# Tropical Storm Isaac and us!



## nursehelg (Jul 5, 2012)

So I had to work for the past four nights and was not really able to prepare for this potential hurricane as I should have. Thankfully I will be staying with my parents with my family. I am just about 30 miles north from New Orleans. I was able to put my goats in their barn and the rabbits are in there also. I will lock my chickens up in the coop in the morning. We should have some rain by the morning also. Well guys just keep your fingers crossed and say a prayer for us that this will not be too bad. I have never had this many animals to prepare for before. Looks like I need a barn!!!! A big one!! I will hopefully not be without lights for too long. We always lose electricity during these storms. I have lived here my whole life so this weather is nothing new. Its just different when I have so many depending on me. Ill try to stay in touch.


----------



## Shellshocker66 (Mar 19, 2012)

Keep safe! Crossing my fingers for you!


----------



## ThreeHavens (Oct 20, 2011)

I prayed for you. ray:


----------



## HoosierShadow (Apr 20, 2010)

I hope and pray this storm isn't as bad as Katrina, and that everyone in it's path stays safe. I hope with what happened in New Orleans, they are better prepared, and any low laying areas, that were so devastated before, those people are smart and take the necessary safety procautions - if they need to get out, then they need to GET OUT.

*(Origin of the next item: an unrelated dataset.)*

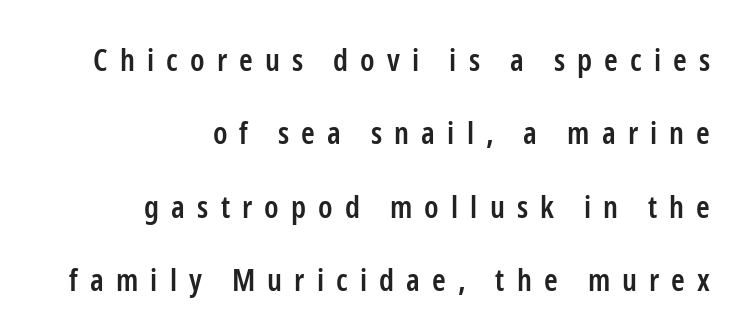
{"serif": "no", "italic": "no", "bold": "semi", "weight": "semibold", "width": "condensed", "stroke_contrast": "low", "x_height": "medium", "monospaced": "no", "underline": "no", "align": "right", "line_spacing": "loose", "line_spacing_ratio": 2.37, "letter_spacing": "wide", "letter_spacing_em": 0.39, "glyph_px": 31}

Nursehelg, I hope you all stay safe! You'll definitely be in my prayers!


----------



## Di (Jan 29, 2008)

ray: :grouphug:


----------



## nursehelg (Jul 5, 2012)

Checking in this morning. Just some wind at this time. Being a nurse, I have to be here to report to work. They issued our hurricane protocol already. So it is a mandatory that I be there. That's the life of a nurse and her family. Its kind of like the postal service. Rain or shine or hurricane we are there to take care of the sick. I checked on the goats this morning. They are very quiet in the barn. I think that they know something is up.


----------



## 8566 (Jul 18, 2012)

Hope everyone stays safe.
:grouphug:


----------



## toth boer goats (Jul 20, 2008)

Prayers sent.... :hug: ray:


----------



## nursehelg (Jul 5, 2012)

Ok so we were out electricity for two days. We did have a generator. The goats are doing ok. They really don't like being locked up in the stall, but they are safer there. The only concern right now is flooding. I had water up to my calf in their lot yesterday. There is a dam in Mississippi that was going to potentially break and would cause devastaing flooding. but that has not happened so far. They did let some water out though to relieve the dam, and the water was up to the bridges down here. So now today they have restored power and my husband moved out kids back to our house. I had to stay with my parents. Its clean up time now. This part I really hate, but we did not do so bad as others. My BFF has a tree in her house, and flooding all around her. She can't get out right now. Keep everyone in your prayer please.


----------



## HoosierShadow (Apr 20, 2010)

I'm so glad to hear you made it through without anything major impacting your home/family/friends. I'm sure this must be a huge relief. Praying that the dam holds, and that this can be put behind everyone!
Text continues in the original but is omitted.